Crawl Budget 101 – The Basics You Should Know
Crawl budget refers to the number of pages crawled and indexed by Googlebot on a particular website during a specific period of time.
Crawl budget pertains to the highest number of pages that the search engine wants to and can crawl on a given website. The crawl budget is determined by Google through weighing crawl demand and crawl rate limit.
- Crawl demand – How popular your pages are and how stale or fresh they are can affect your crawl demand.
- Crawl rate limit – Crawl errors, page speed, and crawl limit that is set in the Google Search Console (site owners can choose to reduce the crawl of Googlebot of their website) can all affect the crawl rate limit.
Crawl Budget: A Short History
It was in 2009 when Google acknowledged that they can only locate a certain percentage of online content and they urged webmasters into optimizing for crawl budget.
According to them, the internet is quite a big place where new content gets created constantly. Google’s resources are somewhat limited. This is why when Googlebot is faced with an almost infinite number of available content online, it can only locate and crawl a certain percentage of the content. Out of all the content they crawl, they can only index a part of it.
Webmasters and SEO Companies in Bangkok like us, started talking about the crawl budget even further and in 2017, this prompted Google to publish a post regarding the importance of crawl budget for Googlebot. The said post made it clear how crawl budget is perceived by Google and how it is being calculated.
Should You Be Concerned about Your Crawl Budget?
There might be no need for you to be concerned about your crawl budget if you are working on a smaller website. Google states that most publishers don’t really need to be concerned about crawl budget. If a website only has less than a thousand URLs, crawling it can often be done efficiently.
But, if your website is on the larger end of the spectrum, especially those websites where pages are automatically generally according to URL parameters, it is recommended to prioritize those activities that will help Google understand when and what to crawl.
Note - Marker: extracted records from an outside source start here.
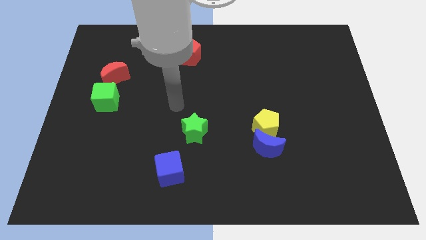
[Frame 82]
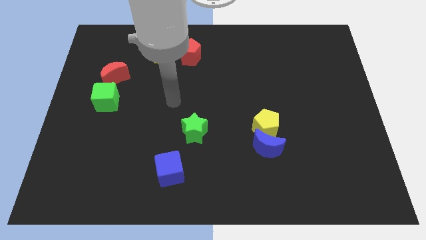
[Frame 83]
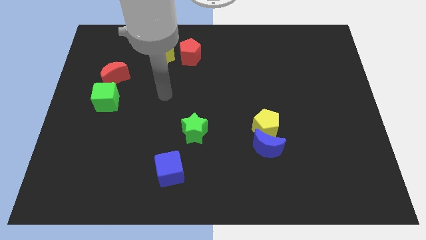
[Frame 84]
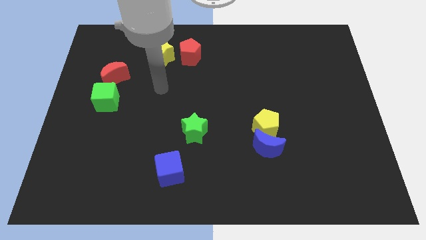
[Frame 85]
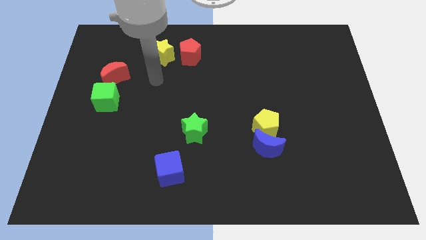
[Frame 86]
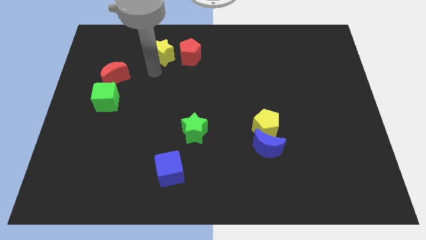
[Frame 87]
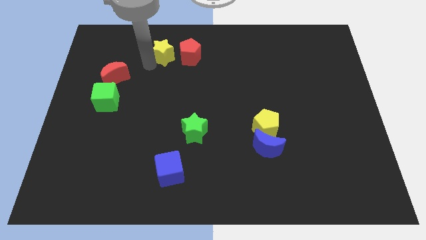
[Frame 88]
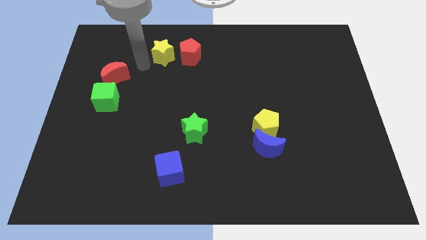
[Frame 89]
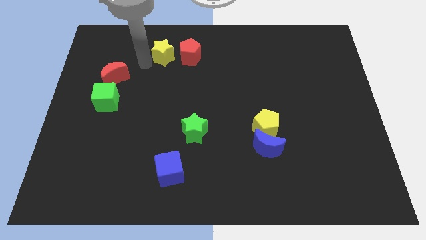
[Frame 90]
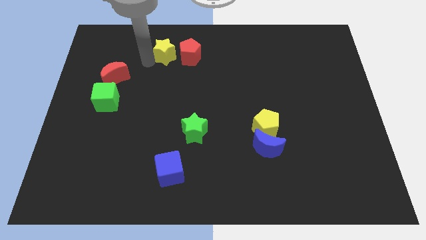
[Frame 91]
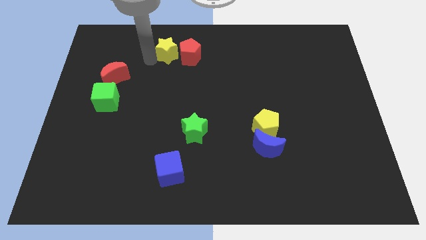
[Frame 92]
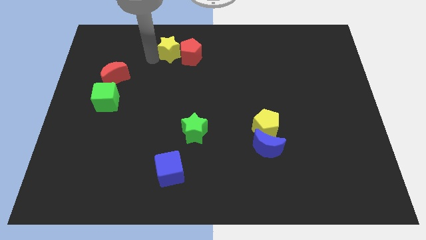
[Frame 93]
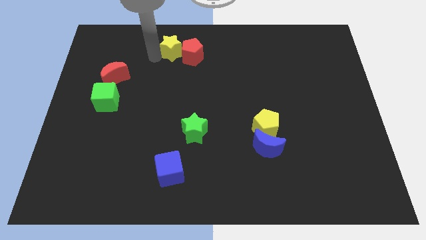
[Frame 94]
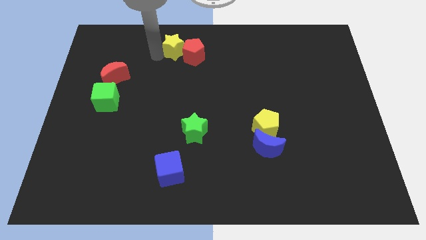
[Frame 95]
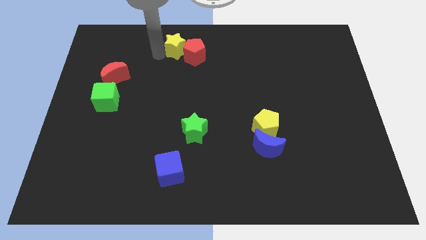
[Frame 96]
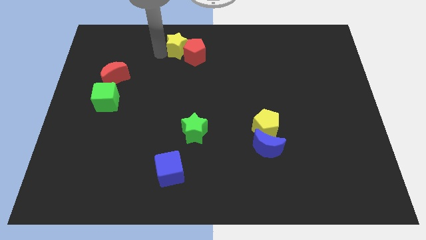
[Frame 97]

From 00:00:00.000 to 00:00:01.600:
move the yellow star to the top

Importance of Crawl Budget for SEO
If Google fails to index a certain page, it will not get ranked for anything. That’s how simple it works.
This means that if your number of pages goes beyond the crawl budget of your website, there will be some pages on your website that will not be indexed.
Having said this, most of the websites out there don’t really have to be concerned about crawl budget. After all, Google is great when it comes to finding as well as indexing pages.
However, there are several cases wherein it would be worth it to pay attention to your crawl budget:
- You are running a big website.
If you got a website such as an e-commerce site that has more than 10,000 pages, it might be a bit difficult for Google to find all of them.
- You have recently added a few pages.
In case you have recently added another section to your website that has hundreds of pages, it is best to ensure that you got the crawl budget so you can index all of them fast.
- Numerous redirects – Having a lot of redirect chains and redirects can easily eat up most of your crawl budget.
Now that you know the role that crawl budget plays in your SEO efforts, it is time to learn a few simple ways to help you make the most out of your website’s crawl budget.
Best Practices for Crawl Budget
Here are a few things you can do to ensure that your crawl budget will work to your advantage:
- Improve the speed of your website.
When you improve the page speed of your website, this will allow Googlebot to crawl more URLs in your website.
In fact, according to Google, making your website faster can improve user experience and increase crawl rate at the same time. In other words, pages that load up slowly can consume the precious time of Googlebot.
On the other hand, if your web pages can load faster, Googlebot will have more time for visiting and indexing most of your pages.
2. Take advantage of internal links.
Pages with plenty of internal and external links that point to them are the top priority for Googlebot. Yes, it is ideal that you would get backlinks that point to each page on your website. However, more often than not, this is not realistic at all.
This is what makes internal linking necessary. The internal links that you have send Googlebot to all of your website’s different pages that you want to index.
3. Opt for flat website architecture.
Google states that more popular URLs on the internet have the tendency to be crawled more frequently for them to stay fresher in their index.
As far as Google is concerned, popular is equivalent to link authority.
For this reason, you would want your website to stick with flat web design architecture. Flat architecture can set up things so that all the pages of your website will have some link authority that flows to them.
4. Stay away from “orphan pages.”
An orphan page is a page that doesn’t have external or internal links that point to them. Google really find it hard to look for these orphan pages. Thus, if you like to use your crawl budget to the fullest, see to it that there is at least a single external or internal link that points to each page on your website.
5. Limit your duplicate content.
There are many reasons why it is smart to limit duplicate content. Duplicate content can negatively affect your crawl budget. This is because Google wouldn’t want wasting resources through indexing several pages with similar content.
Be sure that all of the pages on your site are composed of quality and unique content. This might not be easy for websites with more 10,000 pages yet you need to do it if you want to leverage your crawl budget.
Crawl budget is a revenue thing and not just a technical matter. So make sure you get the best out of it!